Ferramentas da aprendizagem de máquina do Open source tão boas quanto seres humanos em detectar exemplos do cancro

A aprendizagem de Máquina veio do relatório da saúde da idade em público de acordo com pesquisadores do Instituto de Regenstrief e da Escola da Universidade de Indiana da Informática e da Computação na Universidade Indianapolis da Universidade-Purdue de Indiana. Encontraram que os algoritmos existentes e as ferramentas da aprendizagem de máquina do open source eram tão bons quanto, ou melhor do que, revisores humanos em detectar exemplos do cancro usando dados dos relatórios da patologia do livre-texto. A aproximação automatizada era igualmente mais rápida e menos recurso intensiva em comparação com contrapartes humanas.

Cada estado nos Estados Unidos exige exemplos do cancro ser relatado aos registros nacionais do cancro para o seguimento da doença, a identificação em risco de populações, e o reconhecimento de tendências incomuns ou de conjuntos. Tipicamente, contudo, os fornecedores de serviços de saúde ocupados submetem relatórios do cancro aos meses ingualmente ocupados dos departamentos da saúde pública no curso do tratamento de um paciente um pouco do que na altura do diagnóstico inicial.

Esta informação pode ser difícil para que os responsáveis da Saúde interpretem, que podem mais atrasar a acção do departamento da saúde, quando a acção é necessário. O Instituto de Regenstrief e os pesquisadores do IU demonstraram que a aprendizagem de máquina pode extremamente facilitar o processo, por automaticamente e rapidamente extraindo o significado crucial do texto simples, igualmente conhecido como o livre-texto, a patologia relata, e usando o para a tomada de decisão.
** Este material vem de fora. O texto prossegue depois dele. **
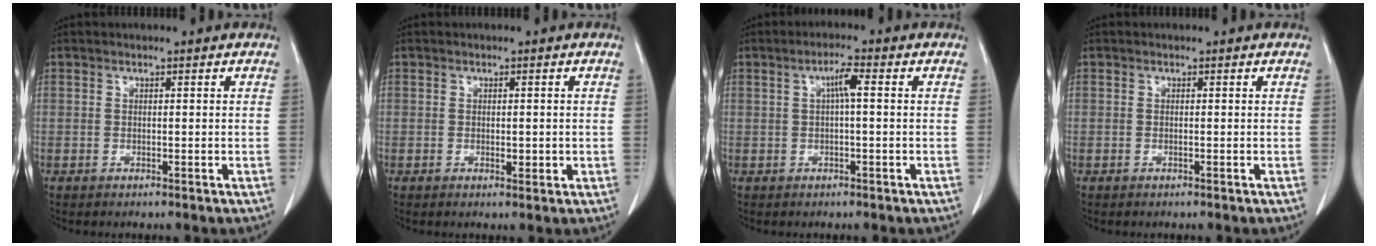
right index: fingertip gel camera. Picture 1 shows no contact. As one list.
[{"total": 1.6, "force": [-0.2, 0.6, 1.5], "torque": [-0.023, -0.003, 0.000]}, {"total": 2.8, "force": [0.5, 0.2, 2.8], "torque": [-0.053, 0.004, 0.009]}, {"total": 0.0}]

“Para o Melhor Relatório da Saúde Pública Usando Aproximações Disponíveis Imediatamente Existentes: Uma Comparação de Aproximações Alternativas da Detecção do Cancro Usando Dados Médicos do Texto simples e a Selecção de Característica Baseada Não-Dicionário” é publicada na introdução De abril de 2016 do Jornal da Informática Biomedicável.

“Nós pensamos que seu já não necessário para que os seres humanos passem o tempo que revê o texto relata para determinar se o cancro esta presente ou não,” disse o estudo autor Shaun superior Grannis, M.D., M.S., director provisório do Centro de Regenstrief da Informática Biomedicável. “Nós viemos ao ponto a tempo que a tecnologia pode segurar esta. O tempo de um ser humano é passado melhor que ajuda outros seres humanos fornecendo os o melhor cuidado clínico.”

“Muito trabalho que nós estaremos fazendo na informática nos próximos anos será focalizado em como nós podemos tirar proveito da aprendizagem de máquina e da inteligência artificial. Tudo -- práticas do médico, sistemas de saúde, trocas de informação da saúde, seguradores, assim como departamentos da saúde pública -- seja inundado nos oceanos dos dados. Como podemos nós esperar fazer o sentido deste dilúvio dos dados? Os Seres Humanos não podem fazê-lo -- mas os computadores enlatam.”

O Dr. Grannis, um investigador do Instituto de Regenstrief e um professor adjunto da medicina de família na Faculdade de Medicina do IU, é o arquiteto do detector syndromic da fiscalização de Regenstrief para doenças comunicáveis e conduziu a aplicação técnica do Sistema de Vigilância da Emergência da Saúde Pública de Indiana - uma da nação a maior. Os Estudos ao longo da última década mostraram que este sistema detecta manifestações de doenças comunicáveis sete a nove dias mais cedo e encontram quatro vezes tantos como casos como o relatório humano ao fornecer uns dados mais completos.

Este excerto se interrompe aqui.